Abstract
Estrogen receptor (ER)-positive metastatic breast cancers after a period of response to tamoxifen develop resistance, and the disease progresses clinically. Domination of partial agonistic activity of tamoxifen over its antagonist activity has been implicated as one of the mechanisms for acquired tamoxifen resistance. Six patients with ER-positive, human epidermal growth factor receptor 2 (HER2)-negative metastatic breast cancer who were treated with tamoxifen withdrawal were retrospectively reviewed. Three patients were premenopausal and three were postmenopausal at the beginning of this treatment. Three patients had stage IV disease and three had recurrent breast cancers with median disease-free intervals of 153 months. The treatment lines of tamoxifen therapy were first-line in two, second-line in two, and third-line in one patient. One patient had relapsed during adjuvant tamoxifen therapy.

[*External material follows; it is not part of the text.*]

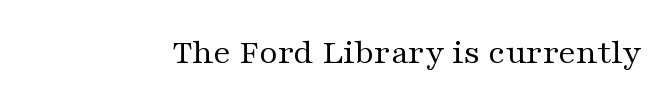
{"serif": "yes", "italic": "no", "bold": "no", "weight": "regular", "width": "wide", "stroke_contrast": "medium", "x_height": "medium", "monospaced": "no", "underline": "no", "letter_spacing": "normal", "letter_spacing_em": 0.0, "glyph_px": 36}
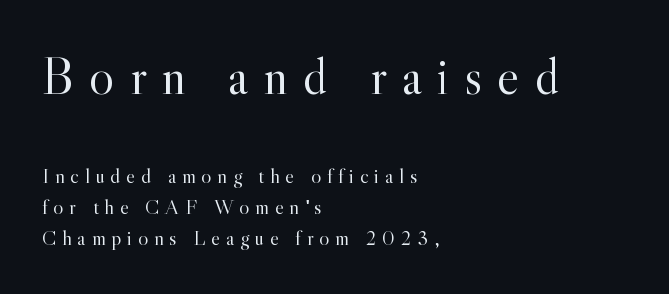
{"serif": "yes", "italic": "no", "bold": "no", "weight": "light", "width": "normal", "x_height": "small", "monospaced": "no", "underline": "no", "align": "left", "line_spacing": "normal", "line_spacing_ratio": 1.47, "letter_spacing": "wide", "letter_spacing_em": 0.28, "larger_block": "first", "size_ratio": 2.52, "glyph_px": 53}

The median duration of tamoxifen therapy was 16 months. The metastatic disease sites at the time of tamoxifen withdrawal were lymph nodes in six, bone in three, chest wall in one, lung in two, pleura in one, and liver in one patient. The median duration of tamoxifen withdrawal was 6.5 months (range 5–> 23 months). Five of six patients had clinical benefits with tamoxifen withdrawal: partial response in one, long stable disease (SD) in four, and SD in one patient. Five patients were treated with aromatase inhibitors after tamoxifen withdrawal. Two patients had metastatic lymph nodes examined by multi-gene panel testing, and both of their tumors had the AKT1 E17K somatic mutation. One patient also had a BRCA1 germline mutation. Tamoxifen withdrawal at the time of tumor progression while on treatment might be an important treatment option, especially for women with highly endocrine-responsive disease.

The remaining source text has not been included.